Во время короткого разговора они оба следили за быстрыми вспышками сигналов. Похоже, прибор трудился вовсю. Тергуд-Смит нажал рычаг телефона, и мерцание прекратилось. Засветилась строчка табло: «ЛИНИЯ ПРОСЛУШИВАЕТСЯ НА КОММУТАТОРЕ».

— Похоже, что работает, — негромко сказал Тергуд-Смит, глядя на Яна.

— Работает… Так ты думаешь, он нашел «клопа» на моем телефоне? С какой стати… — Ян на момент задумался, потом погрозил зятю пальцем. — Кончай, Смитти. Ты отнюдь не случайно пришел ко мне и прицепил эту штуковину. Ты знал, что меня подслушивают. Но почему?

— Скажем так, Ян: я подозревал нечто подобное. Но уверен не был. — Он подошел к окну и выглянул наружу, сплетя пальцы за спиной. — Работа моя полна неопределенностей и подозрений. Были намеки, что ты под наблюдением одного отдела, но мне не так уж удобно спрашивать; к тому же там стали бы все отрицать. — Он обернулся, лицо его стало очень жестким. — Но теперь я знаю — и пара голов покатится. Я не позволю этим болванам трогать мою семью. Все будет улажено, так что забудь об этом.

— Хотел бы, Смитти. Но боюсь, что это мне не удастся. Я должен знать, что происходит.

— Конечно, должен. — Тергуд-Смит смиренно поднял руки. — Просто ты оказался в ненужный момент в ненужном месте. Этого вполне достаточно, чтобы низовые бюрократы начали действовать.

— Я был в самых обычных местах. А единственный ненужный момент — когда меня чуть не утопили.

— Вот именно. Признаться, я не совсем поверил тебе, когда ты рассказывал, что видел. Даже больше скажу, но это должно остаться между нами.

— Мог бы и не предупреждать.

— Извини. Так вот. На первом катере были преступники — контрабандисты, везли наркотики. Второй катер был наш, сторожевик. Догнал беглецов и взорвал.

— Контрабандные наркотики? Я и не знал, что такое бывает. Но если бывает и если их поймали — это же отличный сюжет для вечерних новостей.

— Я-то с тобой согласен, но согласны не все. Им кажется, что такая информация будет только поощрять нарушение закона. Такова политика, и нам от нее никуда не деться, и ты случайно влип в эту кашу. Но не надолго. Так что забудь и о «клопе», и о том, что я тебе говорил, — и приходи к восьми.

Ян взял зятя за руку.

— Если я кажусь недостаточно благодарным — так это только из-за похмелья. Спасибо. Хорошо знать, что ты есть. Я, правда, половины не понял, но, может быть, и не хочу понимать.

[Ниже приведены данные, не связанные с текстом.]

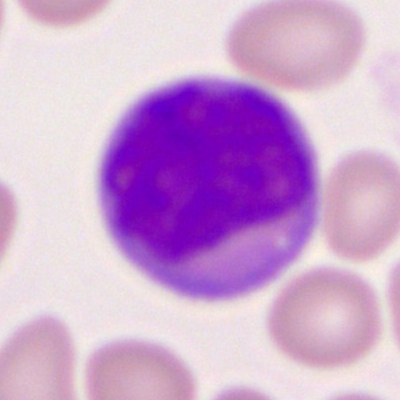 Cell — myeloid blast.

— Это самое мудрое. До вечера.

Когда дверь закрылась, Ян вылил в раковину остывший кофе и подошел к бару. Клин клином вышибать — это не в его правилах, но сегодня случай особый. Можно ли верить Смитти? Он правду сказал или приврал по долгу службы? Он все рассказал или там есть еще что-нибудь? Единственное, что оставалось, — вести себя так, будто это «еще что-нибудь» есть на самом деле. И следить за собой при телефонных разговорах.

Потом до него вдруг дошло, что Сара на субмарине говорила правду. Оказывается, мир далеко не так прост, как он думал всю жизнь.

На улице шел снег, и лондонский Сити исчез за мельтешащей белой пеленой. Что же делать? Он знал, что стоит на распутье, на развилке жизненных дорог. Быть может, это самый главный выбор, выбор важности неимоверной. За последние недели он получил немало ощутимых ударов; пожалуй, больше, чем за всю предыдущую жизнь. Школьные драки, университетские экзамены, дела любовные — все это на самом деле было совсем просто. Жизнь всегда текла ему навстречу, и он всегда принимал это как должное. Все решения были просты, потому что всегда шли по течению. Теперь — другое дело. Теперь надо решать.

Конечно, он мог бы забыть все, что услышал и узнал, — и жить, как прежде…

Но нет. Вряд ли. Все изменилось: мир, в котором он жил, оказался ненастоящим, а его взгляд на реальность — неверным. Израиль, контрабандисты, подлодки, демократия, рабовладение… Все это существовало, а он ничего не знал. Он заблуждался. Словно люди до Коперника, убежденные в том, что Солнце вращается вокруг Земли. Они верили — нет, они знали, — это правда. И они ошибались. Он тоже знал свой мир — и точно так же ошибался.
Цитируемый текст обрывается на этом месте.